This project develops detailed mathematical theory for aggregation models. Such models involve pair-wise interaction potentials and arise in the context of biological swarming models and control theory applications for coordinated groups and consensus. These models also appear in other contexts such as materials science applications including granular flow. The research in applied differential equations involves rigorous analysis of nonlinear partial differential equations, numerical simulation of continuum and discrete models, and asymptotic analysis and modeling. Specific problems of interest include (a) a detailed understanding of the dynamics of collapse in the case of kinematic aggregations; (b) the role of fractional dissipation in such models; (c) the discrete to continuum limit; and (d) analysis of scaling properties and behaviors of discrete swarms in the limit of large numbers. The work also involves related mathematical models for crime hotspots in residential burglaries.
The design and analysis of cooperative control and algorithms for autonomous agents is an active area of research with application to surveillance of hazardous areas, perimeter patrol, and control of teams of autonomous vehicles. Some ideas for such problems can come from modeling of biological groups that provide excellent examples in nature of how many agents can interact seamlessly, sometimes over large distances with relatively short range interactions. Many well-known models for these groupings empirically exhibit a great deal of complexity. This research program is fundamental to the understanding of these problems.

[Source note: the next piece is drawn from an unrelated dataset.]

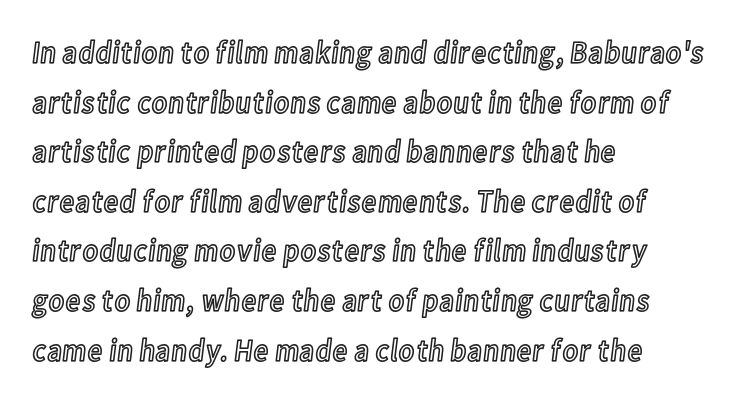
The image shows 32 px condensed type; set left-aligned, normal line spacing (1.55x), normal letter spacing, not underlined; a medium x-height.

Intellectual Merit: The design and analysis of cooperative control and algorithms for autonomous agents is an active area of research with application to surveillance of hazardous areas, perimeter patrol, and control of teams of autonomous vehicles. Some ideas for such problems can come from modeling of biological groups that provide excellent examples in nature of how many agents can interact seamlessly, sometimes over large distances with relatively short range interactions. Many well-known models for these groupings empirically exhibit a great deal of complexity. This research program is fundamental to the understanding of these problems. Results from this award focus on group dynamics that result when agents interact through potentials that depend only on pairwise distances. The research has many new results that focus on confining potentials in which the group size does not scale with the number of agents. Such potentials have been shown by the PI and collaborators to yield unusual patterns that could be exploited in automated control applications. This work focuses on analytical results for existence and stability of solutions. Broader Impacts: The work has involved training of PhD students, postdocs and undergraduates in advanced mathematical techniques in applied differential equations, numerical analysis and scientific computing. The theoretical results are now being used for engineering design of cooperative control platforms through collaborations with Engineering Schools at Arizona State University and Univ. Toledo.